Forget about LLM. That's for normies.
I totally understand the lack of motivation. Doing something just for the sake of doing it is pointless. So you have to find a project to do and the language will then become merely a tool instead of the whole point. So find out what you need or want to do, maybe a 3D engine, mobile application, database, search engine, image recognition/OCR, maybe robotics or some arduino automation or whatever and just start working on it.
I remembered why I wanted to learn this stuff. It's not for money, or to look cool.
It's for the fascination I have for computing.
How do electrons flow through a wire? How do the chips within a computer direct that flow to produce an image on a screen? These questions are mind-blowing for me. I don't think LLMs can kill this fascination. Although, for web programming, sure. I always hated front-end programming, and now I don't really have to do it (I don't have the same fascination for the why of such tech). So will I ever learn a new front-end framework? Most likely not.
What I've found now is LLMs allow me to use/learn new languages, frameworks, and other technologies while being significantly more productive than before. On the flip side, as others have mentioned, I shoot myself in the foot more often.
Basically, I output more, I see more pitfalls upfront, and I get proficient sooner. This can be the case for you if you take on an active development approach rather than a blind/passive one where you just blindly accept whatever a model outputs.
Reactive.
Not just React itself, but the paradigm, so also SwiftUI.
I never had a problem with "massive ViewControllers", the magic that's supposed to glue it all together is just a little bit fragile and hard to debug when it does break, and the syntactic sugar (at least for SwiftUI) is just self-similar enough for me to keep mixing it up.
But learning new languages? Nah, I'm currently learning/getting experience with JavaScript and ruby by code-reviewing LLM output.
Interestingly as AI models are becoming "more competent" I'm finding more and more issues with AI generated code in the project I work on...
Whenever AI is used by a more junior dev (or a senior dev who simply can't be assed) you always find strange patterns which a senior would never have done...
Typically the code works, but there might be subtle security issues or just unusual coding patterns where it appears an LLM has written slop, and instead of taking a step back and reconsidering its approach when errors crop up, LLMs tend to just add layers of complexity to patch over its slop.
These problems obviously compound if left unchecked.
I actually prefer how things were last year when coding models were less competent because at least if a problem was hard enough they'd get nowhere. Today they're good enough to keep hacking until the slop it writes is just about working.
In regards to OPs question though, I suspect there's less point in playing around with different technologies to get some basic understanding of how they work today (LLMs can do this). But if you want to be able to guide LLMs towards good solutions and ensure the code being produced in the era of AI is good, then having engineers with a deep understanding of the technologies they're using is very important.

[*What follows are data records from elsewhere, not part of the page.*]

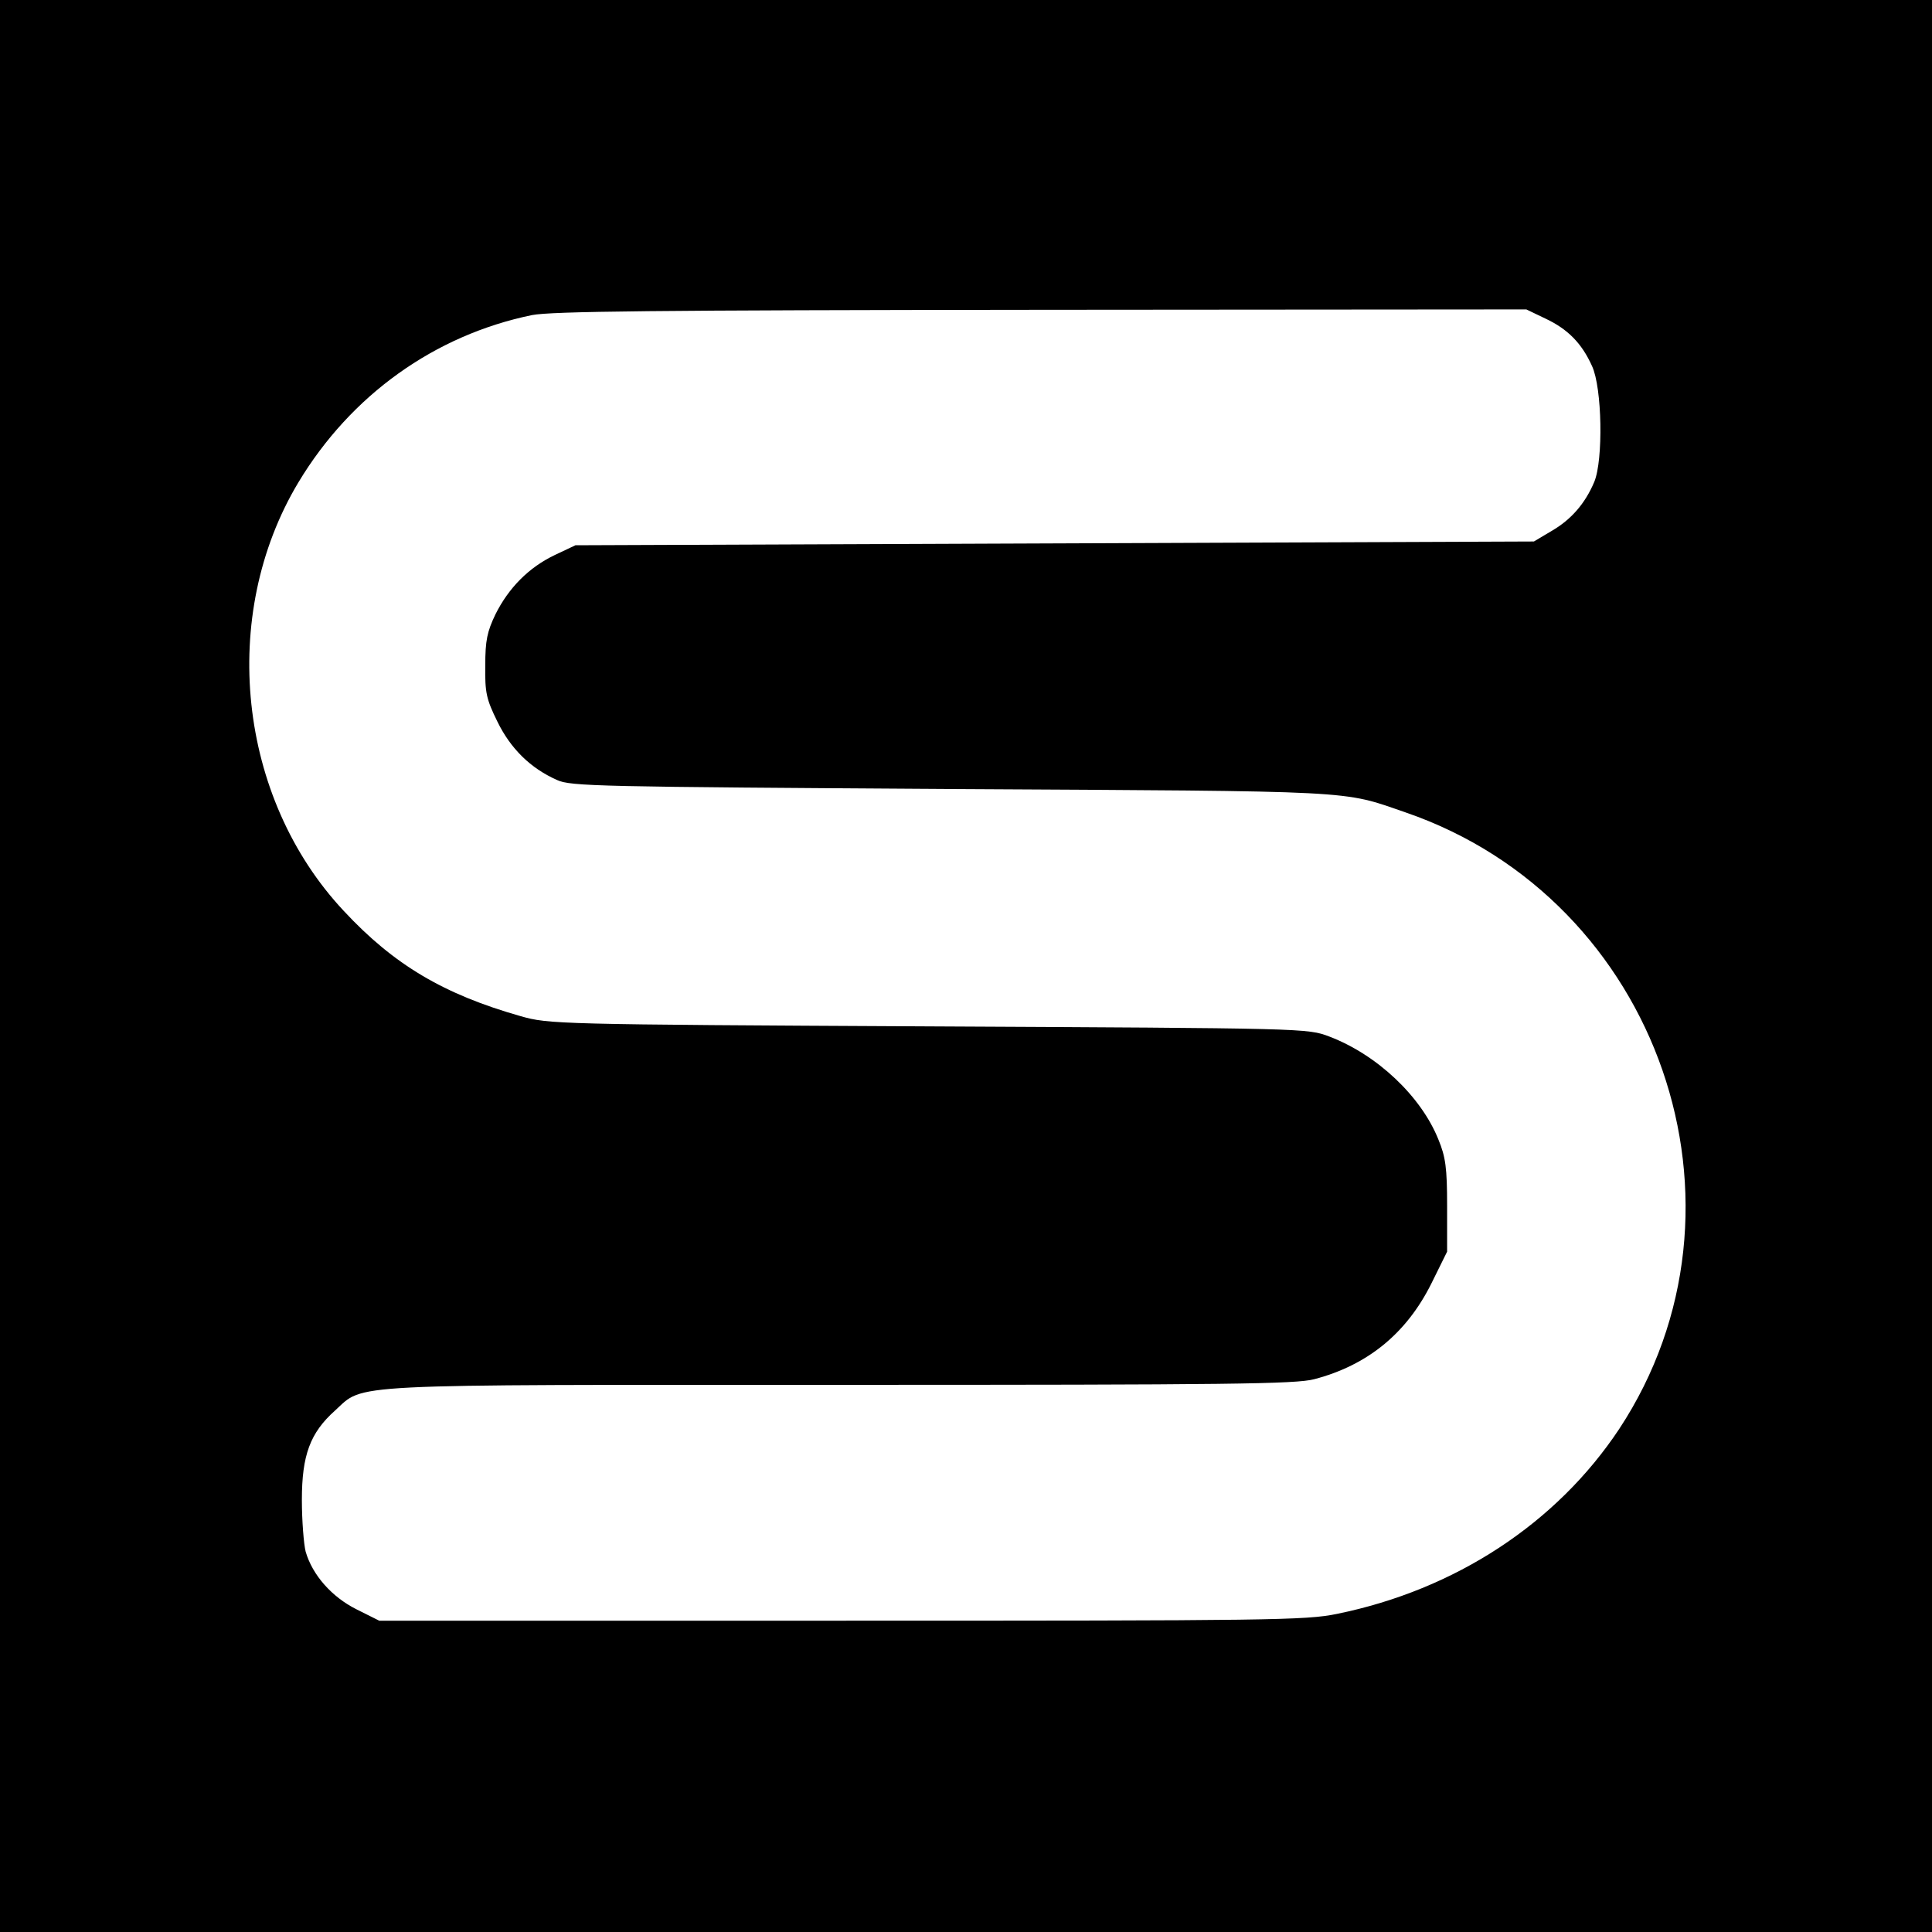 <?xml version="1.0" standalone="no"?>
<!DOCTYPE svg PUBLIC "-//W3C//DTD SVG 20010904//EN"
 "http://www.w3.org/TR/2001/REC-SVG-20010904/DTD/svg10.dtd">
<svg version="1.0" xmlns="http://www.w3.org/2000/svg"
 width="512pt" height="512pt" viewBox="0 0 512 512"
 preserveAspectRatio="xMidYMid meet">
<g transform="translate(0,512) scale(0.1,-0.1)"
fill="#000000" stroke="none">
<path d="M0 2560 l0 -2560 2560 0 2560 0 0 2560 0 2560 -2560 0 -2560 0 0
-2560z m4095 1716 c60 -28 97 -66 124 -126 27 -58 30 -249 6 -307 -24 -57 -61
-100 -113 -130 l-47 -28 -1270 -5 -1270 -5 -55 -26 c-69 -33 -122 -87 -157
-157 -22 -46 -27 -69 -27 -136 -1 -72 3 -89 32 -148 35 -72 88 -124 158 -155
36 -17 111 -18 1044 -24 1090 -6 1034 -3 1205 -62 672 -231 954 -1045 566
-1634 -166 -250 -434 -426 -748 -490 -82 -17 -176 -18 -1313 -18 l-1225 0 -60
30 c-66 33 -117 91 -135 153 -5 20 -10 82 -10 137 0 119 22 178 88 237 79 72
9 68 1342 68 1028 0 1204 2 1253 15 141 37 244 121 310 253 l42 85 0 121 c0
101 -4 130 -23 176 -46 115 -163 225 -289 273 -58 22 -60 22 -1063 27 -987 5
-1006 6 -1080 27 -204 58 -336 136 -469 279 -281 300 -332 783 -120 1136 139
231 361 390 619 443 52 10 321 13 1350 14 l1285 1 50 -24z"/>
</g>
</svg>
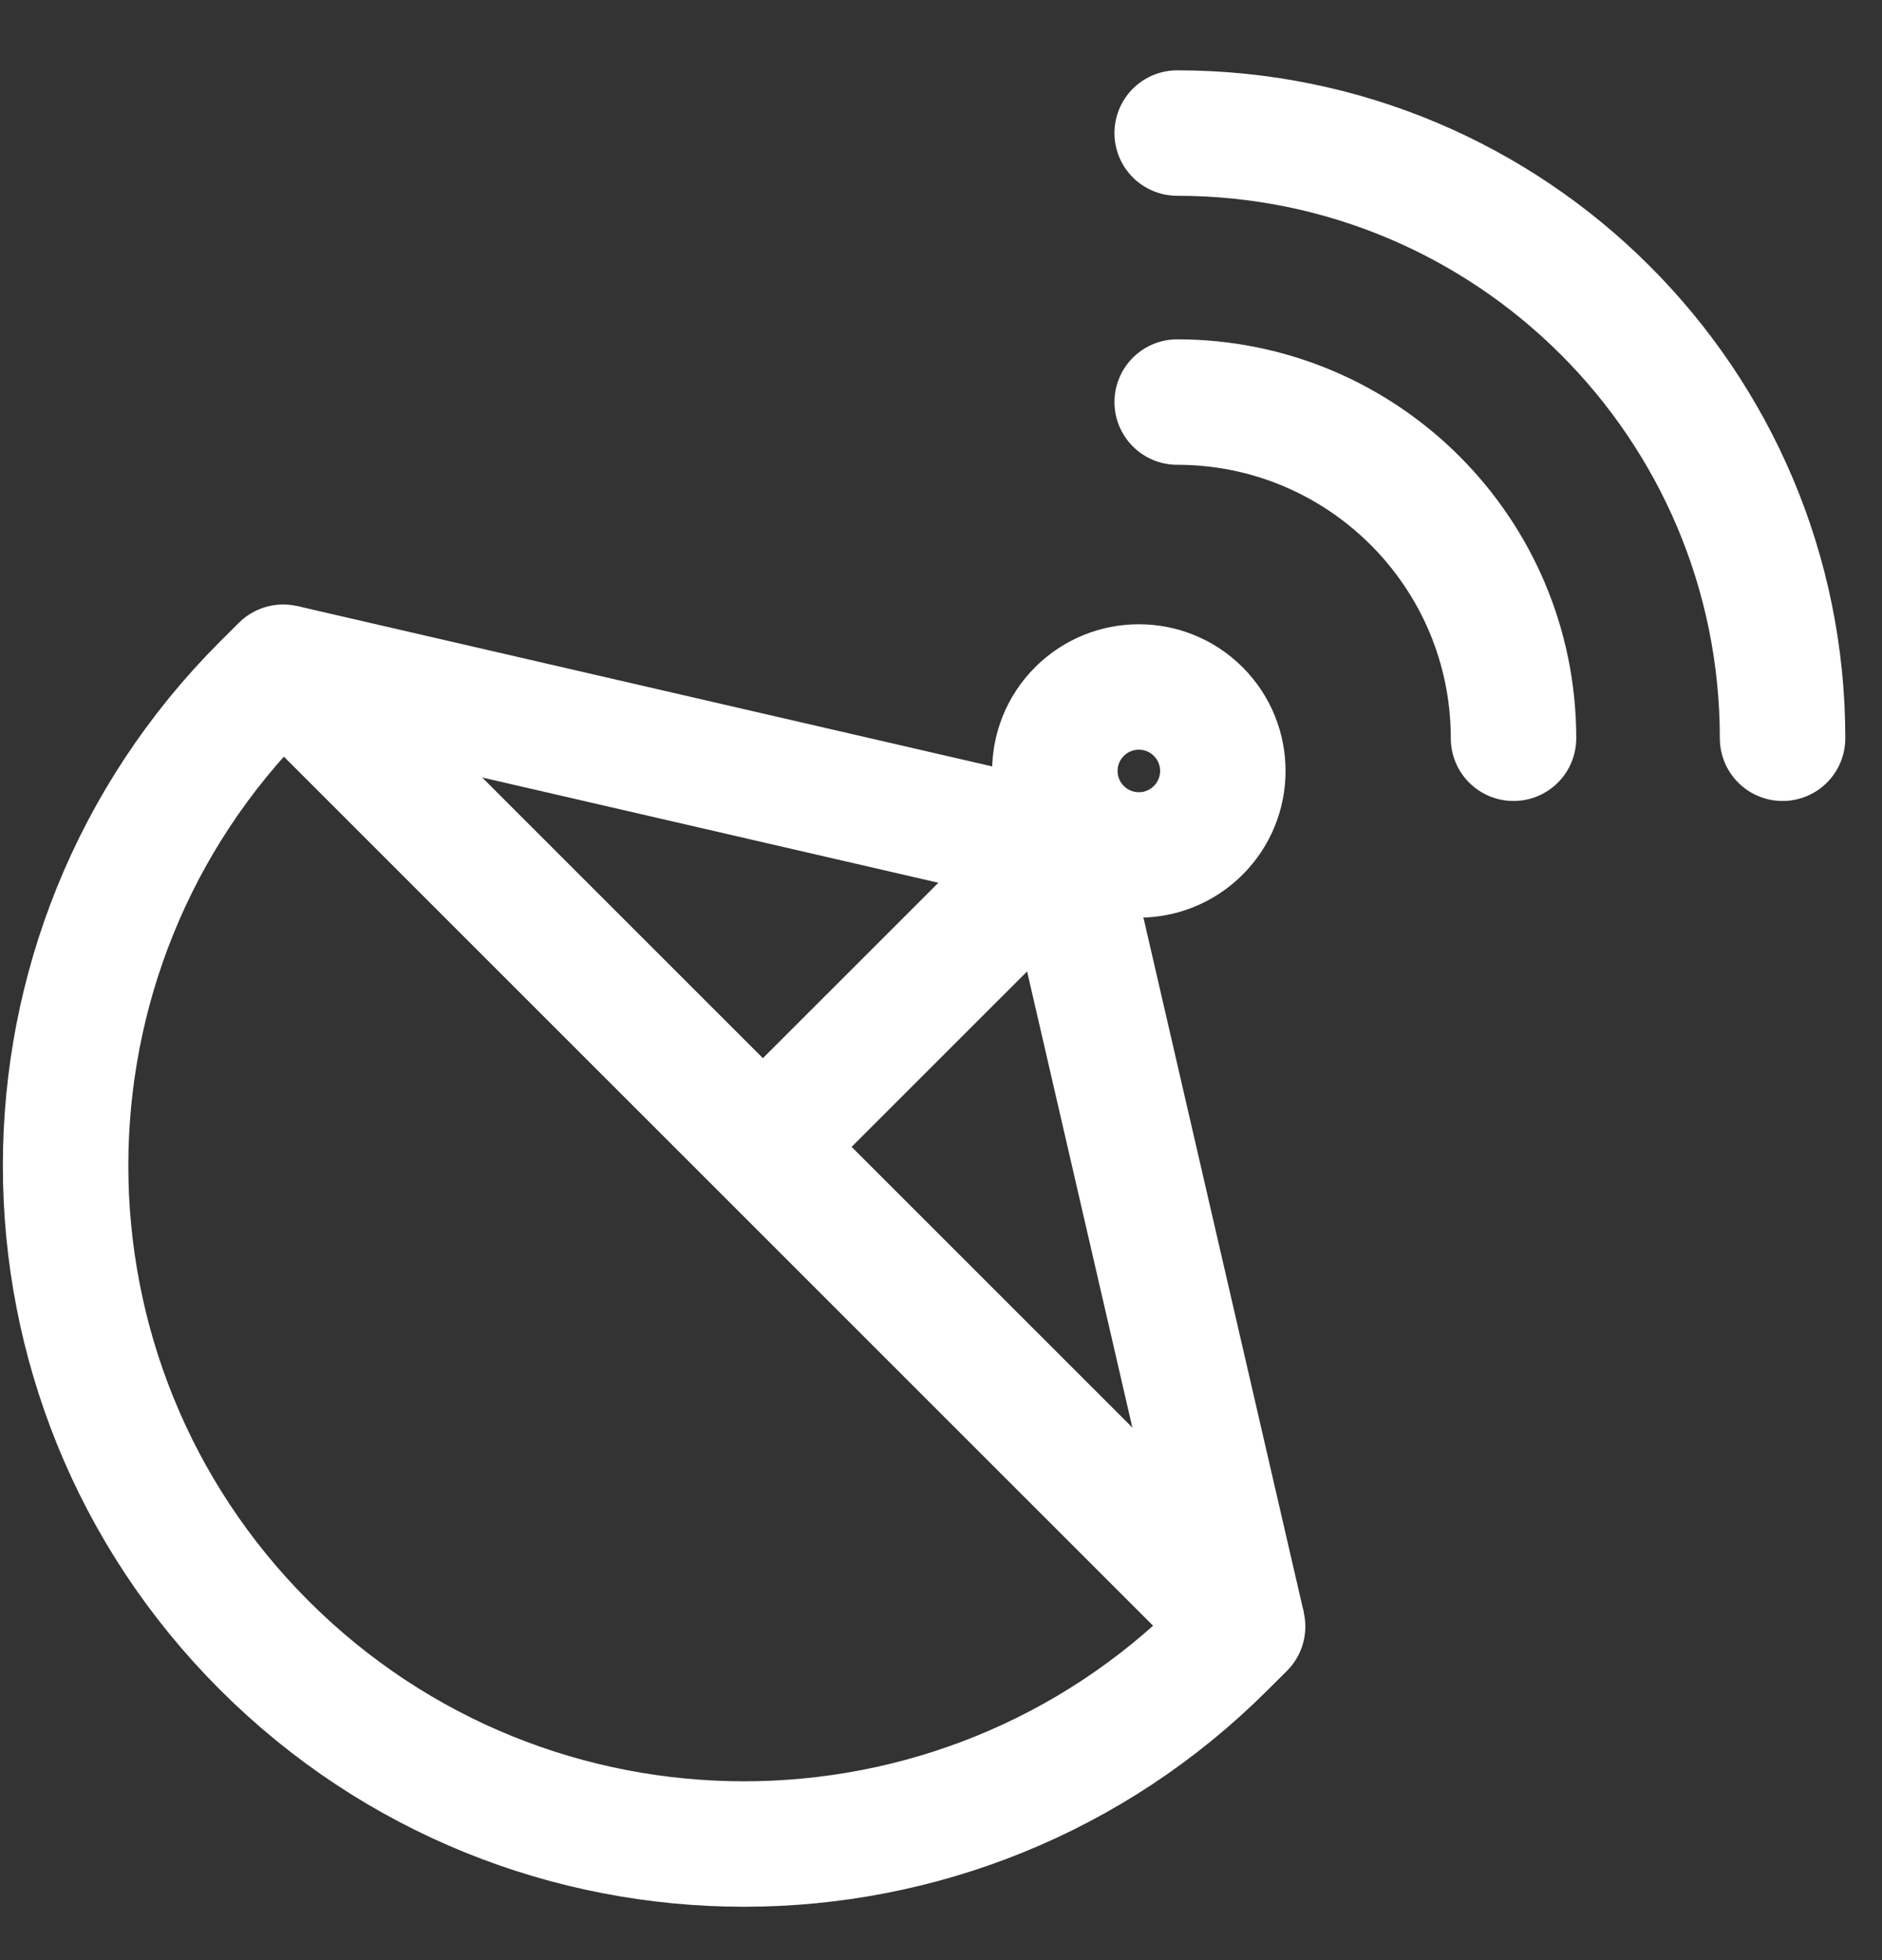 <svg xmlns="http://www.w3.org/2000/svg" width="24" height="25" viewBox="0 0 24 25" fill="none">
  <rect x="0" y="0" width="24" height="25" fill="#333333" stroke="none"/>
  <path d="M3.611 8.51L15.846 20.745L15.605 20.985C12.227 24.364 6.749 24.364 3.37 20.985C-0.008 17.607 -0.008 12.129 3.37 8.75L3.611 8.51Z" fill="none" stroke="#FFFFFF" stroke-width="1.6" stroke-linejoin="round"/>
  <path d="M3.612 8.51L13.553 10.804L15.847 20.745" stroke="#FFFFFF" stroke-width="1.6"/>
  <path d="M13.553 10.804L9.729 14.627" stroke="#FFFFFF" stroke-width="1.6"/>
  <path d="M19.301 9.416C19.301 7.048 17.381 5.128 15.012 5.128M22.732 9.416C22.732 5.153 19.276 1.697 15.012 1.697" stroke="#FFFFFF" stroke-width="1.6" stroke-linecap="round" stroke-linejoin="round"/>
  <circle cx="14.523" cy="9.833" r="1.071" transform="rotate(45 14.523 9.833)" stroke="#FFFFFF" stroke-width="1.6"/>
</svg>

The same can be said about coding. Code to think and explore a problem. See how different languages help you approach a problem. Get a deeper understanding about a topic by coding.
> Enough
After talking for 4 hours and 3 coffe cups, I got enough corner cases and main case to understand what they wanted. 1 week later I got a list of criteria that can be programmed. 5 years later most of the unusual but anoying rought corners were fixed. We still had a button to aprove manually the weird cases.
The current AI hype may have placed us in a filter bubble or echo chamber, shaping our conclusions. These highly specialized algorithms can nudge or reward us for thinking in specific ways.
Regarding programming languages, there is immense value in understanding internal primitives.
As example, consider concurrency primitives. Different languages provide different levels of abstraction: high-level library support in Python, the event loop structure in JavaScript, compiler-level implementations in Rust and C++, runtime-intrinsic mechanisms in Go and Java, and virtual machine intrinsics, such as Erlang.
By viewing languages through this lens, you recognize that each implements these primitives differently, allowing you to choose the most effective tool for the job.
If your goal is to assess the short-term economic value of a technology, your logic is understandable. However, learning new languages and tools remains worthwhile. When AI agents begin invoking these tools on the fly, you may not know if a specific choice is the most effective one. Without this knowledge, you will have some gaps to challenge the AI's decision.
In the long run, making the effort to master these concepts yields far greater value as a software engineer. It enables you to understand the rationale behind applying a precise tool to a precise task.
There are valid arguments supporting various perspectives on this. However, while any approach can be useful, this discussion highlights the need for wisdom: the awareness of one's own biases. As I noted earlier, filter bubbles can distort judgment. Continuously questioning your conclusions helps ensure you move toward the best outcomes. I hope you find this recommendation useful.